------ Data section
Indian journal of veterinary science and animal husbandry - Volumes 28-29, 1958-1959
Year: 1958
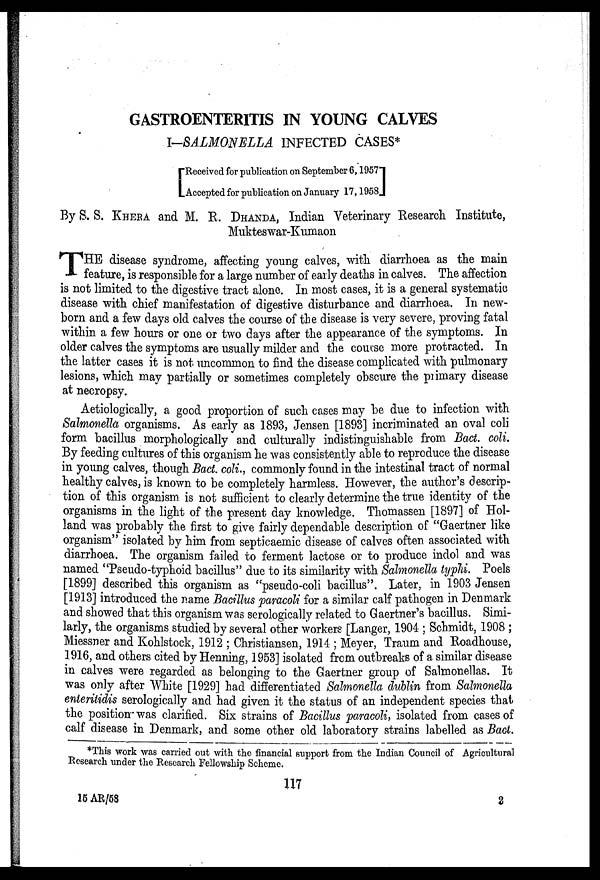
GASTROENTERITIS IN YOUNG CALVES
I—SALMONELLA INFECTED CASES*
[ Received for publication on September 6, 1957
Accepted for publication on January 17, 1958]
By S. S. KHERA and M. E. DHANDA, Indian Veterinary Research Institute,
Mukteswar-Kumaon
T HE disease syndrome, affecting young calves, with diarrhoea as the main
feature, is responsible for a large number of early deaths in calves. The affection
is not limited to the digestive tract alone. In most cases, it is a general systematic
disease with chief manifestation of digestive disturbance and diarrhoea. In new-
born and a few days old calves the course of the disease is very severe, proving fatal
within a few hours or one or two days after the appearance of the symptoms. In
older calves the symptoms are usually milder and the course more protracted. In
the latter cases it is not uncommon to find the disease complicated with pulmonary
lesions, which may partially or sometimes completely obscure the primary disease
at necropsy.
Aetiologically, a good proportion of such cases may be due to infection with
Salmonella organisms. As early as 1893, Jensen [1893] incriminated an oval coli
form bacillus morphologically and culturally indistinguishable from Bact. coli.
By feeding cultures of this organism he was consistently able to reproduce the disease
in young calves, though Bact. coli., commonly found in the intestinal tract of normal
healthy calves, is known to be completely harmless. However, the author's descrip-
tion of this organism is not sufficient to clearly determine the true identity of the
organisms in the light of the present day knowledge. Thomassen [1897] of Hol-
land was probably the first to give fairly dependable description of "Gaertner like
organism" isolated by him from septicaemic disease of calves often associated with
diarrhoea. The organism failed to ferment lactose or to produce indol and was
named "Pseudo-typhoid bacillus" due to its similarity with Salmonella typhi. Poels
[1899] described this organism as "pseudo-coli bacillus". Later, in 1903 Jensen
[1913] introduced the name Bacillus paracoli for a similar calf pathogen in Denmark
and showed that this organism was serologically related to Gaertner's bacillus. Simi-
larly, the organisms studied by several other workers [Langer, 1904 ; Schmidt, 1908 ;
Miessner and Kohlstock, 1912 ; Christiansen, 1914 ; Meyer, Traum and Roadhouse,
1916, and others cited by Henning, 1953] isolated from outbreaks of a similar disease
in calves were regarded as belonging to the Gaertner group of Salmonellas. It
was only after White [1929] had differentiated Salmonella dublin from Salmonella
enteritidis serologically and had given it the status of an independent species that
the position was clarified. Six strains of Bacillus paracoli, isolated from cases of
calf disease in Denmark, and some other old laboratory strains labelled as Bact.
*This work was carried out with the financial support from the Indian Council of Agricultural
Research under the Research Fellowship Scheme.
117
15 AR/58
2
------------
> **Exercise description**
The span to print begins at the line containing "[1913] introduced the" and ends at the final line of the entries; print it exactly and print nothing else.

> **Solved exercise**
[1913] introduced the name Bacillus paracoli for a similar calf pathogen in Denmark
and showed that this organism was serologically related to Gaertner's bacillus. Simi-
larly, the organisms studied by several other workers [Langer, 1904 ; Schmidt, 1908 ;
Miessner and Kohlstock, 1912 ; Christiansen, 1914 ; Meyer, Traum and Roadhouse,
1916, and others cited by Henning, 1953] isolated from outbreaks of a similar disease
in calves were regarded as belonging to the Gaertner group of Salmonellas. It
was only after White [1929] had differentiated Salmonella dublin from Salmonella
enteritidis serologically and had given it the status of an independent species that
the position was clarified. Six strains of Bacillus paracoli, isolated from cases of
calf disease in Denmark, and some other old laboratory strains labelled as Bact.
*This work was carried out with the financial support from the Indian Council of Agricultural
Research under the Research Fellowship Scheme.
117
15 AR/58
2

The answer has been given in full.